▶ **Your objective**
Every line from the one containing "Which 3-D box holds the wood" through the end of the data is to be copied exactly, and nothing outside that range.

[Source records]
· · · · · · ·

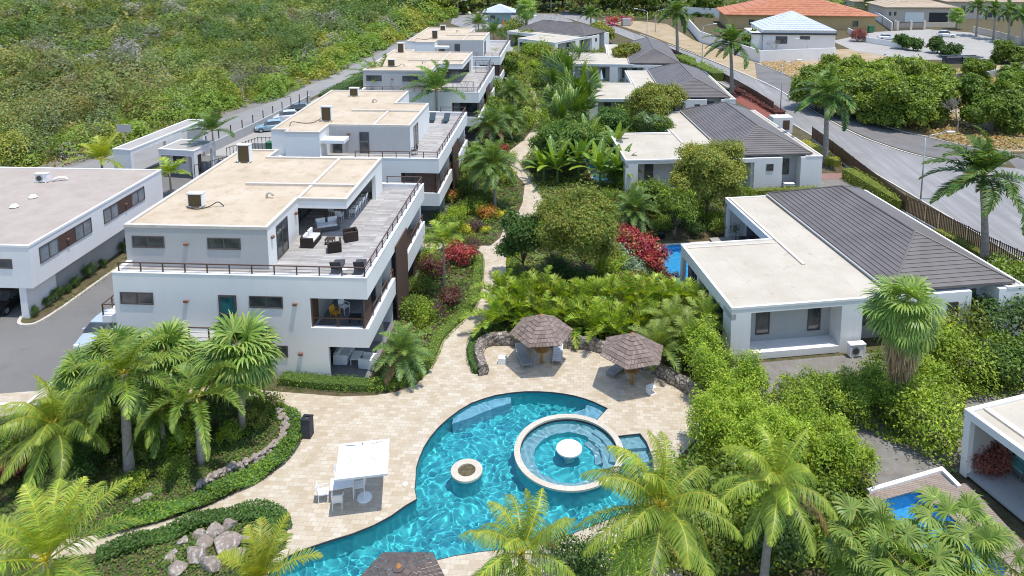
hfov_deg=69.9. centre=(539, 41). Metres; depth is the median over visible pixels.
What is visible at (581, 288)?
areca palm
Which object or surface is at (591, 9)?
palm tree
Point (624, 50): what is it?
tree
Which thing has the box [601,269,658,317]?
areca palm
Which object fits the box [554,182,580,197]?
shrub
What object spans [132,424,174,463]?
shrub
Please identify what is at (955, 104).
bare tree
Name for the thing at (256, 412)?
shrub
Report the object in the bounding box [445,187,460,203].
shrub
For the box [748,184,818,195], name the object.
hedge
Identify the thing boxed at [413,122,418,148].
terrace door
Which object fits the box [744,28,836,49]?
parapet band
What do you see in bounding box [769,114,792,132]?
gate pillar
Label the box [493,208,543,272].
tree
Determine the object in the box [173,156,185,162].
window
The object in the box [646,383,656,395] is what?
side cube
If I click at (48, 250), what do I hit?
window
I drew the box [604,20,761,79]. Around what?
dry verge
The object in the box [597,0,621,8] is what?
tree
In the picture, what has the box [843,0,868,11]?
house
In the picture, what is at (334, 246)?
armchair
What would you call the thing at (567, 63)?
banana plant
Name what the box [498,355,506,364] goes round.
side cube
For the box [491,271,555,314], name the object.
areca palm
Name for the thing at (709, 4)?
tree
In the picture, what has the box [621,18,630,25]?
utility cabinet
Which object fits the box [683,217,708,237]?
shrub
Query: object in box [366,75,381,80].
window
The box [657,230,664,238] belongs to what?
plant pot
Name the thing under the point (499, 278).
areca palm
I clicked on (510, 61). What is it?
tree
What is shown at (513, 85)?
palm tree
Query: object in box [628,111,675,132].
tree
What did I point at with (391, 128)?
apartment block
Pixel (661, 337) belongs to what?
palm tree
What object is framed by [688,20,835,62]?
boundary wall
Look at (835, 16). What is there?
house
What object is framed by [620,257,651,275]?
shrub
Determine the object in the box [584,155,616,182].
villa pool
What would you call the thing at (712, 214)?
shrub
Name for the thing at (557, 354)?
sunbed
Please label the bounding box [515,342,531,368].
sunbed
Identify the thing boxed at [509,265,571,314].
areca palm
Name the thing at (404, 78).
window
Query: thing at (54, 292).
shrub
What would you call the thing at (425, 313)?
shrub
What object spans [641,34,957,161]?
road edge line
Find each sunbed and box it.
[329,259,344,272]
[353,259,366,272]
[429,112,435,122]
[441,113,449,121]
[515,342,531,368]
[552,340,562,364]
[606,358,625,378]
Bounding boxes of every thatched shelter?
[361,552,443,575]
[510,313,572,363]
[600,332,662,384]
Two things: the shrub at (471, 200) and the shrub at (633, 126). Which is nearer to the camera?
the shrub at (471, 200)
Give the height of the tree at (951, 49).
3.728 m
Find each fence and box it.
[205,91,307,139]
[671,48,773,107]
[811,126,905,211]
[904,194,1023,270]
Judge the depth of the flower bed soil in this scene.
56.23 m
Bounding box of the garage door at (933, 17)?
[929,13,947,21]
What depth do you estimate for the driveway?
79.58 m
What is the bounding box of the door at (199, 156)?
[197,154,201,171]
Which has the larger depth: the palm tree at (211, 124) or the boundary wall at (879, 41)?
the boundary wall at (879, 41)
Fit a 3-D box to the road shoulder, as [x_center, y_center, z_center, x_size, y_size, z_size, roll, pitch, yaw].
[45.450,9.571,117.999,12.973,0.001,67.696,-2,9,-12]
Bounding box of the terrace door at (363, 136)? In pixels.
[359,132,369,152]
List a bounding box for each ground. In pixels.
[0,0,426,166]
[147,0,1023,575]
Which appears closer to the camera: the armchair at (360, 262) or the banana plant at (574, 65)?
the armchair at (360, 262)
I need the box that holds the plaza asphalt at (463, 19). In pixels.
[451,13,572,28]
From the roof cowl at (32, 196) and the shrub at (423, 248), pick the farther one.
the shrub at (423, 248)
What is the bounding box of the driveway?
[821,179,855,186]
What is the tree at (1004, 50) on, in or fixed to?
on the dry lot
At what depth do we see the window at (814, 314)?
48.26 m
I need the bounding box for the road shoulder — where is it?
[755,63,1010,164]
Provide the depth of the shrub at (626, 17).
215.30 m
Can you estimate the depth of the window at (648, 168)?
77.14 m
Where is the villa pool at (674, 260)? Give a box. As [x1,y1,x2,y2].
[657,241,709,280]
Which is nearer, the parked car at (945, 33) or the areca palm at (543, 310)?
the areca palm at (543, 310)
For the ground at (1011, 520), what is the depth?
65.55 m
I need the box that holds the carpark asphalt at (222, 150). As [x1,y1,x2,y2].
[207,97,318,155]
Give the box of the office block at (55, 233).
[0,167,162,317]
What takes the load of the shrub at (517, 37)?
on the ground at (1011, 520)
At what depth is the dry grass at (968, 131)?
97.71 m
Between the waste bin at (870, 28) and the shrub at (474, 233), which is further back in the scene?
the waste bin at (870, 28)
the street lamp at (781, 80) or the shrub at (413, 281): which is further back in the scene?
the street lamp at (781, 80)
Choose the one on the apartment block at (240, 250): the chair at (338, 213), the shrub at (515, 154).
the chair at (338, 213)
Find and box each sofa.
[300,227,321,247]
[314,216,339,231]
[333,347,354,364]
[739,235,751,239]
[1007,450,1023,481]
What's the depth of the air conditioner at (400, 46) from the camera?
110.33 m
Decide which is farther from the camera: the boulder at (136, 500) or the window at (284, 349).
the window at (284, 349)
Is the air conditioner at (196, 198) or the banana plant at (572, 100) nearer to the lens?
the air conditioner at (196, 198)
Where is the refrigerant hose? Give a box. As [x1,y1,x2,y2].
[187,201,223,208]
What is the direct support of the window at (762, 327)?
in the villa at (797, 272)
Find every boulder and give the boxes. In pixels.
[132,498,140,504]
[140,492,152,501]
[163,549,177,563]
[167,560,187,575]
[176,535,188,545]
[187,546,205,564]
[192,528,203,539]
[196,534,213,549]
[200,555,220,573]
[205,521,224,537]
[213,531,242,560]
[222,518,237,530]
[233,547,245,556]
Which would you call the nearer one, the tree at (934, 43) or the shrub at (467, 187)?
the shrub at (467, 187)
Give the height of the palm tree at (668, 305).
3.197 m
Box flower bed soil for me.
[21,248,126,322]
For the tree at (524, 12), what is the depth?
195.66 m
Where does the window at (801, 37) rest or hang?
in the house at (790, 22)
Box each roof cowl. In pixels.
[9,204,18,207]
[28,194,37,198]
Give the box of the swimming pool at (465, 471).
[271,391,653,571]
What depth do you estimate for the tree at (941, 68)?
125.97 m
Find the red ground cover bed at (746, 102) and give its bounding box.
[731,92,773,117]
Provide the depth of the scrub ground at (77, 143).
100.94 m
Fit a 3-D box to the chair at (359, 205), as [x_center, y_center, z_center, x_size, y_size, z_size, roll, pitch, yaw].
[-13.655,12.371,54.724,0.572,0.864,0.520,0,9,3]
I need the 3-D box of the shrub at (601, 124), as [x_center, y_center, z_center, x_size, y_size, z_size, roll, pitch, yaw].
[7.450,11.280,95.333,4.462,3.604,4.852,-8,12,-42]
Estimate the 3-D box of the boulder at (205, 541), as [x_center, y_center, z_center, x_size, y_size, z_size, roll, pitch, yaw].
[-14.905,22.309,32.537,0.726,0.575,0.730,3,9,19]
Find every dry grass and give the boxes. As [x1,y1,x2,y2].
[762,60,807,79]
[907,112,1023,148]
[954,68,995,123]
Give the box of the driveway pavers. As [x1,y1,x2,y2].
[821,173,842,179]
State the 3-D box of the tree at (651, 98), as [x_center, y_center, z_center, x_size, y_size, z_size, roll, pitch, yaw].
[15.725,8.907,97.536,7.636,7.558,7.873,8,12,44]
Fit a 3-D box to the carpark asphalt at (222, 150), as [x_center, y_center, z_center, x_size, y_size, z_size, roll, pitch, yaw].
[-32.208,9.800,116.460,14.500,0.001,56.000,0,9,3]
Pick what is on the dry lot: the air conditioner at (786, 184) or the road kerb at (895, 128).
the road kerb at (895, 128)
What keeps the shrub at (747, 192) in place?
on the ground at (1011, 520)
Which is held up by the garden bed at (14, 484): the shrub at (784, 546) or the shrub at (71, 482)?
the shrub at (71, 482)
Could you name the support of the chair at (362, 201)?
on the apartment block at (240, 250)
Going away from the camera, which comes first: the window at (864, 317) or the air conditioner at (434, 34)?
the window at (864, 317)
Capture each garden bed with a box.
[0,395,294,549]
[0,510,286,575]
[471,317,591,369]
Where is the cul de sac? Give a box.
[835,29,1023,59]
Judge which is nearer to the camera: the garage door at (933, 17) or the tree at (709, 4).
the garage door at (933, 17)
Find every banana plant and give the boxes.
[524,145,562,181]
[533,134,588,183]
[536,82,577,117]
[537,65,561,93]
[538,49,573,85]
[541,47,547,70]
[542,83,555,116]
[546,52,580,91]
[548,90,575,120]
[553,67,571,91]
[554,47,573,75]
[555,135,599,179]
[556,53,586,83]
[556,71,595,117]
[562,83,593,122]
[565,41,595,60]
[569,137,624,187]
[575,70,605,115]
[579,89,602,118]
[581,59,586,97]
[581,113,608,155]
[586,63,601,88]
[589,143,642,186]
[594,121,631,164]
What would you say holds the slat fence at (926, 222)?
on the ground at (1011, 520)
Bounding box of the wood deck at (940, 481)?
[868,473,1023,575]
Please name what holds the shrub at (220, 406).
on the garden bed at (14, 484)
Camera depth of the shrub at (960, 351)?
43.27 m
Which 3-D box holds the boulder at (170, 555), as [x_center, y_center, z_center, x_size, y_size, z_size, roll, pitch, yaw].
[-16.063,22.438,31.827,0.556,0.416,0.637,-3,9,-20]
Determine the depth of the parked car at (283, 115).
104.94 m
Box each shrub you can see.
[0,413,18,453]
[0,415,68,466]
[0,450,30,481]
[1,492,56,537]
[17,393,75,442]
[30,303,39,317]
[35,464,92,503]
[42,294,54,306]
[47,436,107,484]
[49,284,64,301]
[54,412,121,467]
[60,283,72,293]
[69,273,81,286]
[74,405,146,457]
[81,262,97,278]
[97,256,107,267]
[110,386,175,434]
[112,465,152,500]
[117,239,126,253]
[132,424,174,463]
[155,450,192,482]
[157,410,195,459]
[190,387,237,433]
[211,419,248,450]
[236,402,272,433]
[245,387,286,419]
[395,291,423,317]
[408,272,435,292]
[408,294,441,330]
[411,253,452,278]
[417,248,441,269]
[422,226,433,251]
[429,299,451,321]
[433,211,458,225]
[436,284,465,306]
[438,236,465,247]
[441,214,468,234]
[441,239,478,266]
[444,203,469,220]
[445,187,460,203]
[450,175,474,195]
[455,194,487,214]
[456,221,473,235]
[459,159,485,182]
[461,144,487,160]
[464,216,485,232]
[464,235,481,248]
[465,232,482,242]
[469,185,492,203]
[472,125,490,137]
[473,199,491,216]
[475,202,499,219]
[481,226,490,233]
[492,141,509,151]
[493,76,509,96]
[494,25,514,38]
[495,164,519,184]
[503,15,527,29]
[503,71,516,78]
[503,149,521,162]
[506,255,525,279]
[509,26,535,45]
[509,59,526,73]
[515,113,531,123]
[517,36,547,57]
[519,54,528,62]
[521,101,551,131]
[521,158,538,170]
[526,59,541,67]
[528,66,559,86]
[532,93,546,108]
[534,115,563,134]
[536,43,561,64]
[542,251,567,279]
[542,525,614,575]
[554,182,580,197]
[555,259,592,291]
[568,110,592,123]
[573,116,606,147]
[588,115,611,144]
[592,259,617,277]
[595,250,631,275]
[596,185,625,203]
[601,161,622,183]
[603,268,638,295]
[604,526,666,575]
[605,16,620,25]
[612,102,629,113]
[612,173,642,190]
[612,222,642,248]
[613,127,635,132]
[613,242,643,270]
[614,220,629,231]
[619,226,659,263]
[620,14,632,23]
[620,185,657,212]
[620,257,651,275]
[625,108,650,132]
[628,267,665,297]
[630,472,692,557]
[640,243,672,273]
[643,193,671,217]
[647,499,742,574]
[650,213,673,230]
[659,267,679,284]
[663,432,759,523]
[675,196,710,221]
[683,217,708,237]
[698,476,766,558]
[702,208,724,227]
[705,455,801,552]
[708,215,739,234]
[728,181,759,196]
[742,480,817,575]
[781,466,865,549]
[807,509,890,575]
[846,496,910,564]
[850,26,867,40]
[852,345,893,389]
[878,371,964,458]
[891,307,979,375]
[906,350,977,418]
[925,323,1015,395]
[941,296,1003,347]
[960,435,1016,480]
[963,325,1023,390]
[970,288,1023,340]
[970,330,1023,391]
[987,249,1023,283]
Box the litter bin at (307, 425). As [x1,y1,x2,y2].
[300,414,313,438]
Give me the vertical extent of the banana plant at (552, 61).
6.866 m
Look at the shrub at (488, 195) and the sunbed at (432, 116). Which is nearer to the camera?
the shrub at (488, 195)
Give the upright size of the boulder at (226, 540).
0.671 m
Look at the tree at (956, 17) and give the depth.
203.08 m
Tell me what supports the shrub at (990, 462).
on the ground at (1011, 520)
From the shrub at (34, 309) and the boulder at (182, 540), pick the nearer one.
the boulder at (182, 540)
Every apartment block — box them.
[101,149,424,377]
[271,90,467,227]
[361,49,494,141]
[407,27,509,95]
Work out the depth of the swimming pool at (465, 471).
37.43 m
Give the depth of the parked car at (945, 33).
188.87 m
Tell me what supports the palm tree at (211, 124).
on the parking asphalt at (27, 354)
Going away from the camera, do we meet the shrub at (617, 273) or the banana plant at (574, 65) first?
the shrub at (617, 273)
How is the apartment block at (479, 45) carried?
on the ground at (1011, 520)
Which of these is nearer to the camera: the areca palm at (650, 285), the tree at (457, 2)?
the areca palm at (650, 285)
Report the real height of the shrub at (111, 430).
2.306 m
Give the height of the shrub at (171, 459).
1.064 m
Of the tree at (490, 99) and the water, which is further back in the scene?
the tree at (490, 99)
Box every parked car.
[0,288,19,315]
[74,309,115,350]
[254,119,282,132]
[273,109,297,120]
[289,102,308,110]
[877,34,893,39]
[936,30,955,37]
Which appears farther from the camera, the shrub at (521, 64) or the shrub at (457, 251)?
the shrub at (521, 64)
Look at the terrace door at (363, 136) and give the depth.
69.20 m
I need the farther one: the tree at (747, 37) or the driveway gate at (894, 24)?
the driveway gate at (894, 24)
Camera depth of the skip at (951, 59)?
151.02 m
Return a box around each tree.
[0,375,119,508]
[0,476,145,575]
[46,343,94,418]
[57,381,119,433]
[61,132,122,168]
[64,329,188,473]
[73,321,151,413]
[120,375,202,458]
[128,316,202,427]
[134,360,265,465]
[154,156,190,193]
[182,108,239,144]
[187,308,286,430]
[216,513,322,575]
[229,70,248,100]
[343,53,386,89]
[370,320,433,388]
[398,59,468,110]
[422,219,464,296]
[433,0,468,7]
[455,141,491,198]
[459,488,575,575]
[461,8,491,31]
[463,139,521,208]
[468,101,513,142]
[479,18,507,39]
[481,93,501,111]
[488,0,519,6]
[491,48,520,83]
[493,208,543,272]
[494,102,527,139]
[496,75,529,105]
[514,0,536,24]
[527,118,599,169]
[529,179,624,281]
[531,0,557,10]
[547,0,563,7]
[565,0,598,13]
[575,429,742,575]
[578,1,602,25]
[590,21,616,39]
[595,104,629,134]
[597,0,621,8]
[611,41,641,57]
[615,183,661,234]
[620,0,661,13]
[622,78,689,115]
[627,317,692,372]
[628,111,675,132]
[629,175,667,214]
[642,295,695,347]
[654,182,700,239]
[656,0,693,51]
[657,309,712,363]
[659,0,685,8]
[665,137,751,221]
[681,290,726,334]
[686,0,723,17]
[702,17,758,93]
[710,422,838,575]
[740,28,756,45]
[785,61,840,108]
[787,61,858,163]
[808,64,861,114]
[817,52,840,66]
[817,489,930,575]
[828,67,891,115]
[829,53,865,67]
[837,56,872,69]
[852,519,965,575]
[853,72,913,128]
[853,272,952,423]
[863,59,898,75]
[868,54,910,76]
[892,33,910,48]
[896,73,948,128]
[897,54,933,75]
[897,484,1005,575]
[904,35,924,50]
[916,71,963,123]
[918,125,1023,260]
[924,35,946,52]
[928,61,957,78]
[938,41,964,55]
[940,97,960,134]
[942,516,1023,575]
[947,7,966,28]
[958,72,1023,134]
[960,56,996,82]
[961,0,990,35]
[978,0,1008,39]
[988,38,1023,63]
[995,0,1021,41]
[995,70,1023,116]
[998,62,1023,74]
[1007,3,1023,45]
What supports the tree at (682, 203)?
on the ground at (1011, 520)
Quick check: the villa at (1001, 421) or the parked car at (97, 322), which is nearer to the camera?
the villa at (1001, 421)
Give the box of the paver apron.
[0,405,31,415]
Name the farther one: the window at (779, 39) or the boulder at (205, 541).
the window at (779, 39)
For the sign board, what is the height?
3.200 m
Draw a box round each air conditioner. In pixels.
[34,172,49,182]
[186,191,205,207]
[236,143,252,162]
[320,105,332,121]
[349,87,359,96]
[387,59,395,65]
[397,42,404,52]
[432,30,437,38]
[440,25,445,30]
[783,182,794,186]
[847,340,866,357]
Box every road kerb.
[557,15,1021,260]
[754,62,1010,151]
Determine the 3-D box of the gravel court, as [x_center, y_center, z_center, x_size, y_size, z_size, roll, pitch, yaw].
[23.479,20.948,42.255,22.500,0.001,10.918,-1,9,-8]
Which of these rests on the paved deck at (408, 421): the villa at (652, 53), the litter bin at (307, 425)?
the litter bin at (307, 425)
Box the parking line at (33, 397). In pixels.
[26,377,56,402]
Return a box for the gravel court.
[731,341,1023,485]
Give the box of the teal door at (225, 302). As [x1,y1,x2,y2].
[218,295,236,322]
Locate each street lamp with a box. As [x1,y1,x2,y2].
[780,59,801,109]
[919,131,954,201]
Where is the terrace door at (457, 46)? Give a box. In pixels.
[455,44,459,51]
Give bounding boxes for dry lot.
[761,49,1023,150]
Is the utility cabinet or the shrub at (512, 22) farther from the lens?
the utility cabinet
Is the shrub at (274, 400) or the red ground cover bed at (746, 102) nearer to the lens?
the shrub at (274, 400)
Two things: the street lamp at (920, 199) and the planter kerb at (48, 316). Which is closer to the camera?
the planter kerb at (48, 316)
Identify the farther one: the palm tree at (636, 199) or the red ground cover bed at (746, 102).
the red ground cover bed at (746, 102)
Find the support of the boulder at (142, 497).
on the garden bed at (14, 484)
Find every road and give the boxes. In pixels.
[69,37,411,168]
[555,10,1023,255]
[1008,154,1023,169]
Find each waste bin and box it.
[265,141,271,148]
[867,25,873,31]
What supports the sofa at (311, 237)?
on the apartment block at (240, 250)
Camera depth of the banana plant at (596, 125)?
87.55 m
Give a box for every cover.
[15,33,409,167]
[372,73,535,391]
[470,318,590,368]
[481,76,724,338]
[493,20,545,136]
[529,55,584,129]
[540,331,1023,575]
[557,47,624,82]
[825,0,867,10]
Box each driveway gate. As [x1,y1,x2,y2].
[881,16,896,29]
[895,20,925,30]
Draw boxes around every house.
[482,4,515,22]
[716,0,880,29]
[750,11,836,49]
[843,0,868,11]
[865,0,959,21]
[932,0,1023,18]
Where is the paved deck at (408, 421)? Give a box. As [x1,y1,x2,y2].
[0,81,698,575]
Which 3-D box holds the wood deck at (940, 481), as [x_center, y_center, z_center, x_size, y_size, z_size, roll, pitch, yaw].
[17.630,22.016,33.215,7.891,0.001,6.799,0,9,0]
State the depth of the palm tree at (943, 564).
26.82 m
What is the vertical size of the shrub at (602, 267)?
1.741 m
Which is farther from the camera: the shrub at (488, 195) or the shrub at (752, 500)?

· · · · · · ·

▶ **Solution for this problem**
Which 3-D box holds the wood deck at (940, 481), as [x_center, y_center, z_center, x_size, y_size, z_size, roll, pitch, yaw].
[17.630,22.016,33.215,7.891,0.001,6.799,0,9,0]
State the depth of the palm tree at (943, 564).
26.82 m
What is the vertical size of the shrub at (602, 267)?
1.741 m
Which is farther from the camera: the shrub at (488, 195) or the shrub at (752, 500)?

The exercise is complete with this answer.